書評・最新書評

夜また夜の深い夜 [著]桐野夏生

[評者]内澤旬子(文筆家・イラストレーター)

[掲載]2014年12月21日

[ジャンル]文芸

表紙画像

■心の闇を癒やす不幸また不幸

 生活への不安。満たされない焦燥。それらを他者にわかってもらえない絶望。
 桐野夏生の作品を読むとき、自分の中に燻(くすぶ)る闇が、じんわりと解放される。なぜだろう。これまでの作中に、幸福そうな主人公がいた記憶はない。誰が見ても悲惨などうにもならない状況で生きる者から、傍(はた)から見れば恵まれた環境であっても孤独や嫉妬にもがき苦しむ者まで。まるで不幸の大博覧会といった具合。
 本作の舞台はナポリ。

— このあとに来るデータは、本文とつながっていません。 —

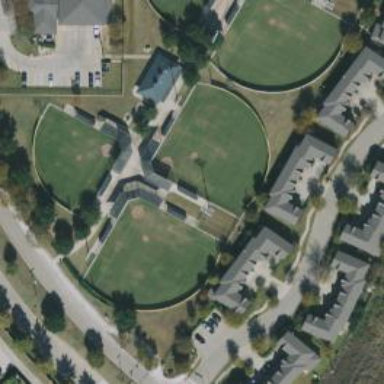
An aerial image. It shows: Baseball pitch for leisure land activities.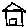
Label: house
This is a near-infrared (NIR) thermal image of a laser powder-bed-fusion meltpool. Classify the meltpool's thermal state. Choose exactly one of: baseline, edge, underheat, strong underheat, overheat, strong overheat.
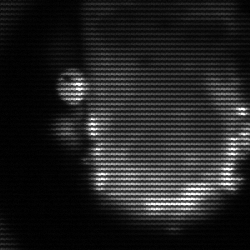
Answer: baseline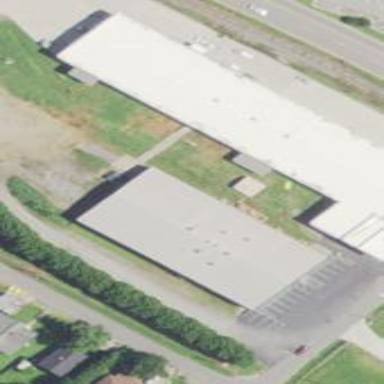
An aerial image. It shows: Warehouse building.
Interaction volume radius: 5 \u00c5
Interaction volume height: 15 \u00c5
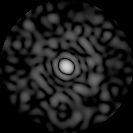
Disorder parameter: 0.8201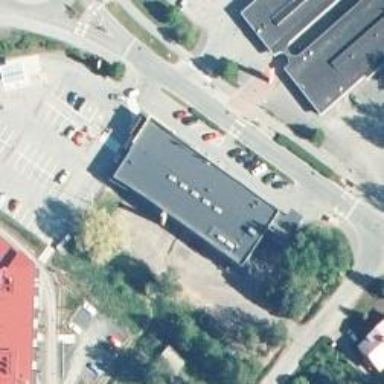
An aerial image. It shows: Supermarket.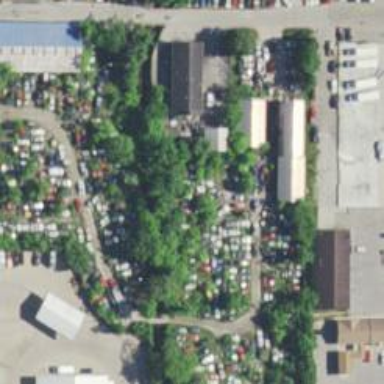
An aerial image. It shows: Scrap yard situated in industrial area.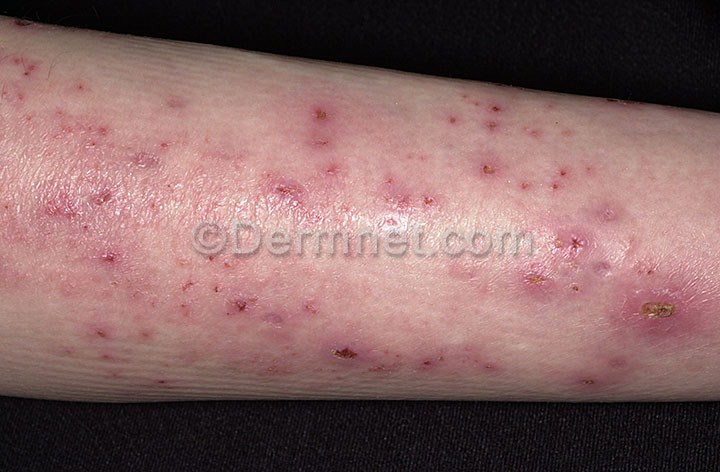
Disease: Eczema Photos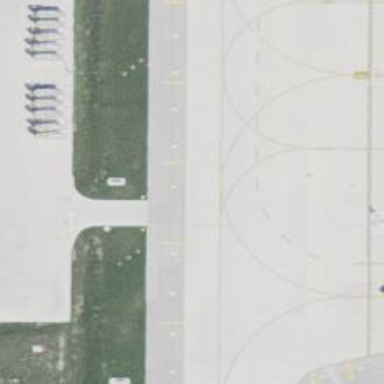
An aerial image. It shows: View of taxiway at the airport.
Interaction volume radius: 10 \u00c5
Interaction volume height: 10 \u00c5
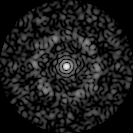
Disorder parameter: 0.8282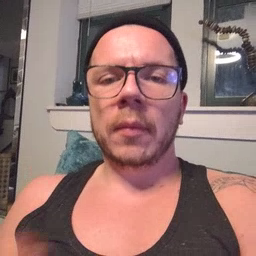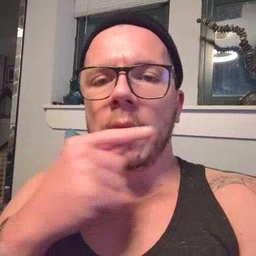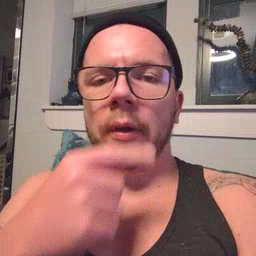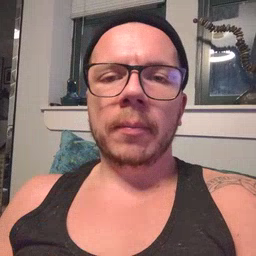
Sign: carrot

主人公の少女舞子は日本人の母親とスラム街でひっそりと暮らす。何かから逃亡しているように見える母親は整形を繰り返し、少女に事情を語らない。国籍もなく、本当の名前も父親も不明。虐待と呼んでさしつかえない状況下から飛び出し、ナポリの地下で出会うのは、リベリアの内戦を逃れてきた少女と、両親に捨てられモルドバの施設を追い出された少女。祖国自体が貧困および不安定にあり、とてつもない修羅場を潜(くぐ)り抜けてきた。最底辺でのたうち、なんのセーフティーネットもないまま、マフィアの搾取からすり抜け、力強く生き抜いている。
 三人の少女たちは、寄り添うように生きながら、お互いに抱え込まされた不幸を比べ合う。日本は経済的にも政治的にも安定していて、上記の二国に比べれば、国民はまともな生活を享受できているはずなのに、舞子に手を差し伸べる者はいない。彼女の「自己責任」ではないはずなのに。
 後半、母親の謎が明らかになるにつれ、舞子が背負う日本ならではの、埒外(らちがい)にいる人間に対する冷淡さ、生き辛(づら)さが浮かび上がってくる。
 心が締め付けられるような不幸が、これでもかと大量に冷徹に描かれるなかで、どうして私は癒やされてしまうのか。それは説明しようのない辛さ、誰にもわかりえない、どんな光も届かない不幸すらも描いてしまう著者に深いやさしさを感じるから、なのかもしれない。
    ◇
 幻冬舎・1620円/きりの・なつお 『柔らかな頬』で直木賞。『OUT』『グロテスク』『魂萌え!』など。